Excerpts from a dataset
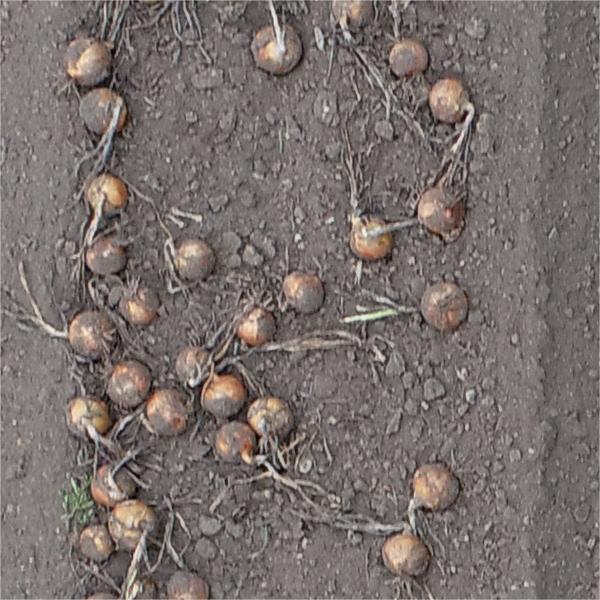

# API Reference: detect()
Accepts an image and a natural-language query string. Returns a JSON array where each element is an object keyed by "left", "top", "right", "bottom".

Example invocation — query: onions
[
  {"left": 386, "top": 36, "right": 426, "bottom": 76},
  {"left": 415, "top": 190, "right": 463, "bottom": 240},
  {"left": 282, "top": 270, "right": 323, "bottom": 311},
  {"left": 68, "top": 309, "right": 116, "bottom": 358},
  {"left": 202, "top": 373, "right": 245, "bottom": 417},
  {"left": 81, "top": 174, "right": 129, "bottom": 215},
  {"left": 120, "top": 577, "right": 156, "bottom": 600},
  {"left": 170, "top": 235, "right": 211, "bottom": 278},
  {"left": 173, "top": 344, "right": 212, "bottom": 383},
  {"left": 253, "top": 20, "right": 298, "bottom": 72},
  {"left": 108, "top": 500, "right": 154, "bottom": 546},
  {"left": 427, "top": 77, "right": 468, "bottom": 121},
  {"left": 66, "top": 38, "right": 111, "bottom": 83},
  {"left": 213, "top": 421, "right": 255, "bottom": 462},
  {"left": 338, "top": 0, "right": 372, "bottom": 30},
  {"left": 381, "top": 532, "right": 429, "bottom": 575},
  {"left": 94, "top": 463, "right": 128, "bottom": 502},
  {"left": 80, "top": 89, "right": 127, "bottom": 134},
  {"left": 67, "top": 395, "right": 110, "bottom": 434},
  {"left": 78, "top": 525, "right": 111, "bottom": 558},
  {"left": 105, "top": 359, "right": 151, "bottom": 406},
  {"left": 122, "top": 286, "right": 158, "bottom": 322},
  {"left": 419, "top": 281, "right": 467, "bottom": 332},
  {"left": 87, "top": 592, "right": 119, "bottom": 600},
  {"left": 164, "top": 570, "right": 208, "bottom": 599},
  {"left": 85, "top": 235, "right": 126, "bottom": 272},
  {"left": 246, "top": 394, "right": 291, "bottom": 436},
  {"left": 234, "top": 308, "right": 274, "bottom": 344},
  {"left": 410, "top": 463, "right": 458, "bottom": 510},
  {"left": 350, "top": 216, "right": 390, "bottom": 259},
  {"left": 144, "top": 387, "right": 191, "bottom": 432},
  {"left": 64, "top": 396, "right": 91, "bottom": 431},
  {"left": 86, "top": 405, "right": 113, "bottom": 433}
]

What you need to do
An exact copy of the records above is required, leaving out the pictures.

Solved exercise
# API Reference: detect()
Accepts an image and a natural-language query string. Returns a JSON array where each element is an object keyed by "left", "top", "right", "bottom".

Example invocation — query: onions
[
  {"left": 386, "top": 36, "right": 426, "bottom": 76},
  {"left": 415, "top": 190, "right": 463, "bottom": 240},
  {"left": 282, "top": 270, "right": 323, "bottom": 311},
  {"left": 68, "top": 309, "right": 116, "bottom": 358},
  {"left": 202, "top": 373, "right": 245, "bottom": 417},
  {"left": 81, "top": 174, "right": 129, "bottom": 215},
  {"left": 120, "top": 577, "right": 156, "bottom": 600},
  {"left": 170, "top": 235, "right": 211, "bottom": 278},
  {"left": 173, "top": 344, "right": 212, "bottom": 383},
  {"left": 253, "top": 20, "right": 298, "bottom": 72},
  {"left": 108, "top": 500, "right": 154, "bottom": 546},
  {"left": 427, "top": 77, "right": 468, "bottom": 121},
  {"left": 66, "top": 38, "right": 111, "bottom": 83},
  {"left": 213, "top": 421, "right": 255, "bottom": 462},
  {"left": 338, "top": 0, "right": 372, "bottom": 30},
  {"left": 381, "top": 532, "right": 429, "bottom": 575},
  {"left": 94, "top": 463, "right": 128, "bottom": 502},
  {"left": 80, "top": 89, "right": 127, "bottom": 134},
  {"left": 67, "top": 395, "right": 110, "bottom": 434},
  {"left": 78, "top": 525, "right": 111, "bottom": 558},
  {"left": 105, "top": 359, "right": 151, "bottom": 406},
  {"left": 122, "top": 286, "right": 158, "bottom": 322},
  {"left": 419, "top": 281, "right": 467, "bottom": 332},
  {"left": 87, "top": 592, "right": 119, "bottom": 600},
  {"left": 164, "top": 570, "right": 208, "bottom": 599},
  {"left": 85, "top": 235, "right": 126, "bottom": 272},
  {"left": 246, "top": 394, "right": 291, "bottom": 436},
  {"left": 234, "top": 308, "right": 274, "bottom": 344},
  {"left": 410, "top": 463, "right": 458, "bottom": 510},
  {"left": 350, "top": 216, "right": 390, "bottom": 259},
  {"left": 144, "top": 387, "right": 191, "bottom": 432},
  {"left": 64, "top": 396, "right": 91, "bottom": 431},
  {"left": 86, "top": 405, "right": 113, "bottom": 433}
]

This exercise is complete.